> _TASK OBJECTIVE_
In the copy, include every entry exactly but none of its images.
Start of RECORDED INFORMATION
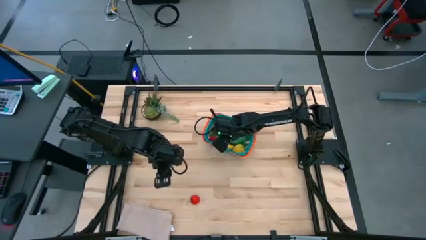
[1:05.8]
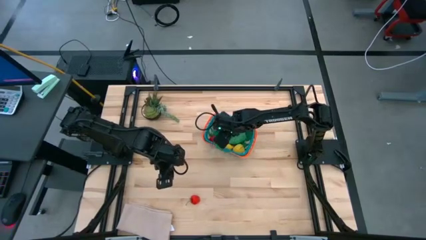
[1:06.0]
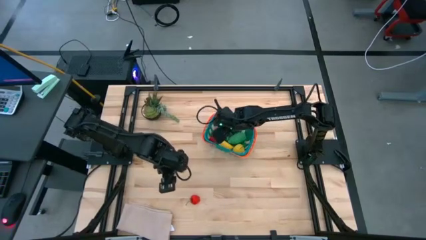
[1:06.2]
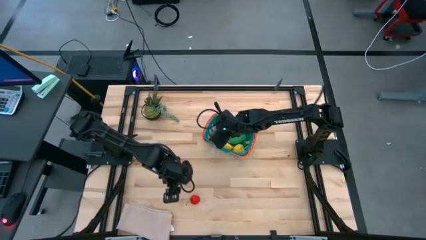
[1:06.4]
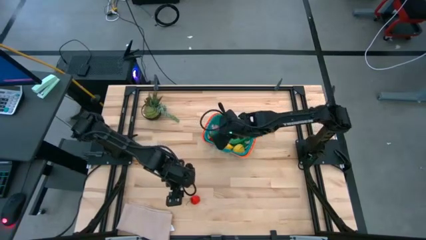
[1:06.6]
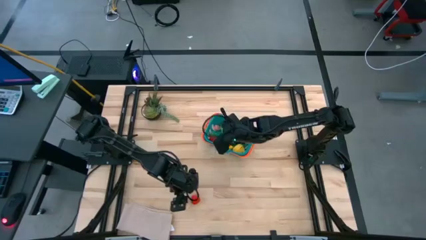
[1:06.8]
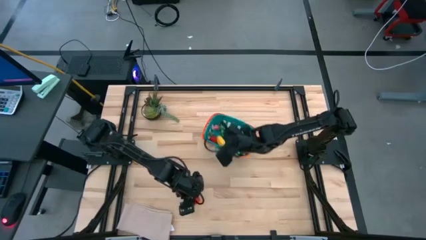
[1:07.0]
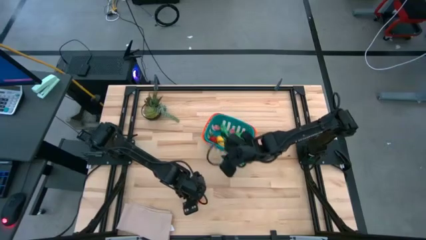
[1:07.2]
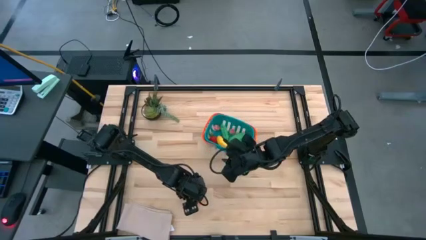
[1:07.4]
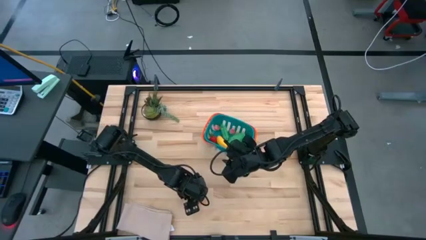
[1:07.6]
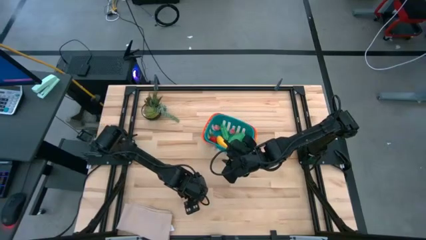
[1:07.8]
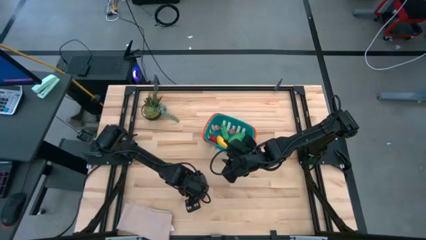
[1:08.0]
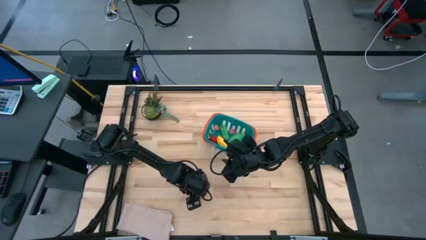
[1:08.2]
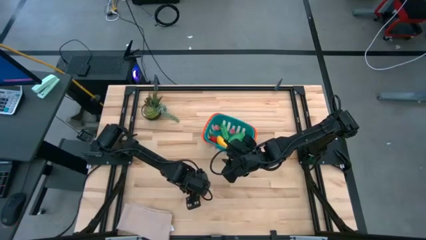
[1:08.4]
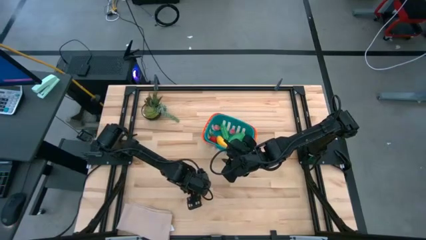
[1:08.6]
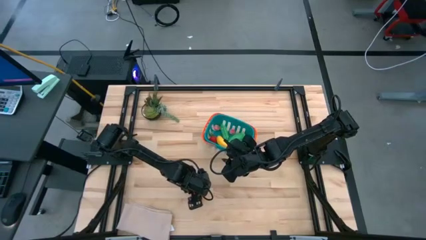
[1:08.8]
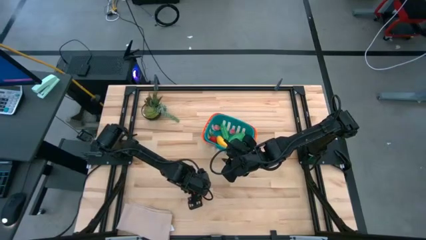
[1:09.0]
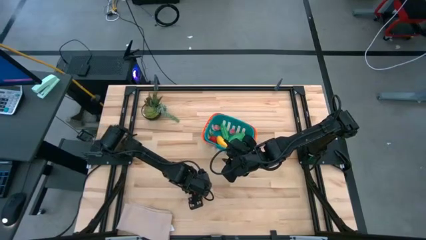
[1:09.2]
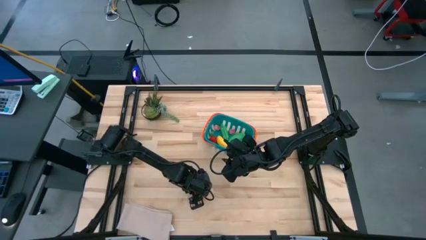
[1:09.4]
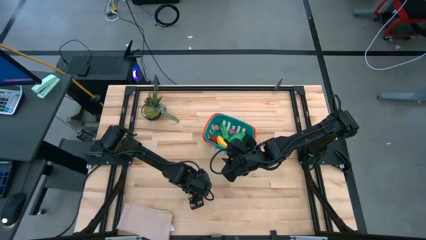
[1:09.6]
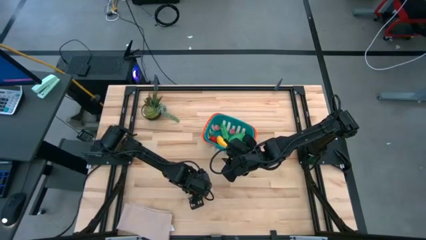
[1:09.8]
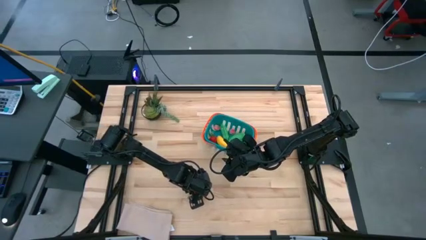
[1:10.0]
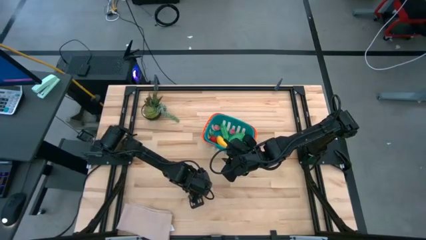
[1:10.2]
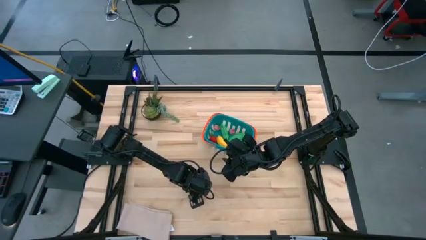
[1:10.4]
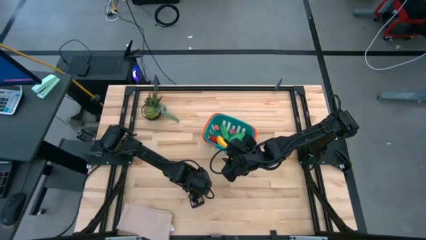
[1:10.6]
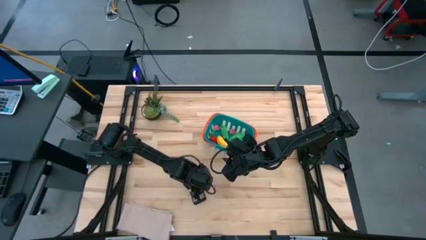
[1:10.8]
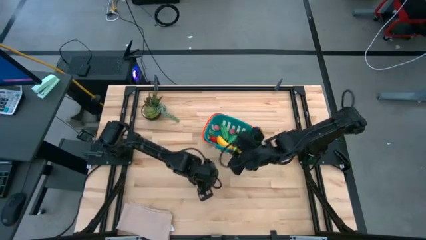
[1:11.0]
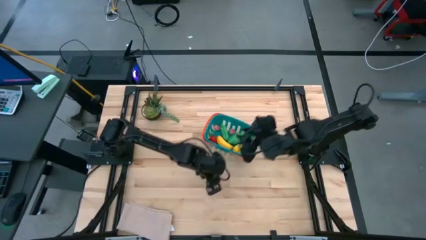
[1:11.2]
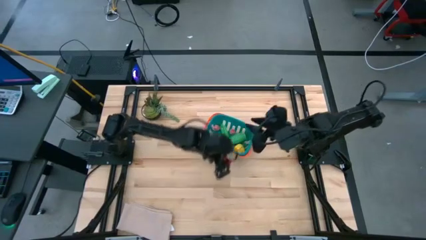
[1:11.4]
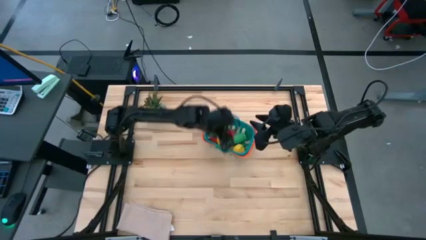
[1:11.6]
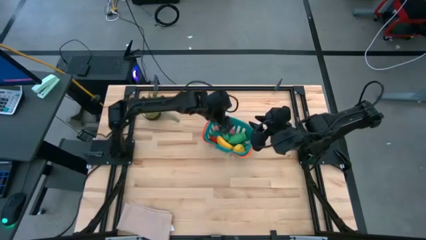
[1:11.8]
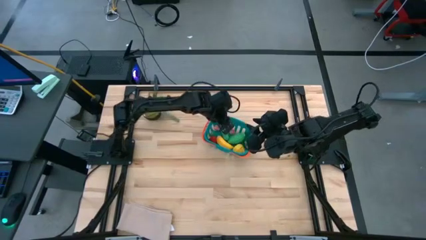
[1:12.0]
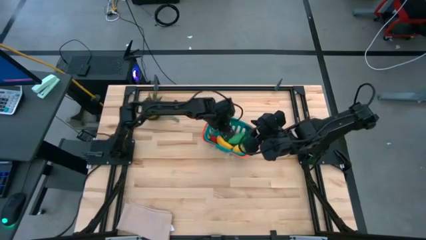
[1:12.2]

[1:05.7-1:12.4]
Task: Pick and placing Produce into tupperware
Put the red strawberry into the blue bin
End of RECORDED INFORMATION
> _ANSWER FOR THIS EXERCISE_
[1:05.8]
[1:06.0]
[1:06.2]
[1:06.4]
[1:06.6]
[1:06.8]
[1:07.0]
[1:07.2]
[1:07.4]
[1:07.6]
[1:07.8]
[1:08.0]
[1:08.2]
[1:08.4]
[1:08.6]
[1:08.8]
[1:09.0]
[1:09.2]
[1:09.4]
[1:09.6]
[1:09.8]
[1:10.0]
[1:10.2]
[1:10.4]
[1:10.6]
[1:10.8]
[1:11.0]
[1:11.2]
[1:11.4]
[1:11.6]
[1:11.8]
[1:12.0]
[1:12.2]

[1:05.7-1:12.4]
Task: Pick and placing Produce into tupperware
Put the red strawberry into the blue bin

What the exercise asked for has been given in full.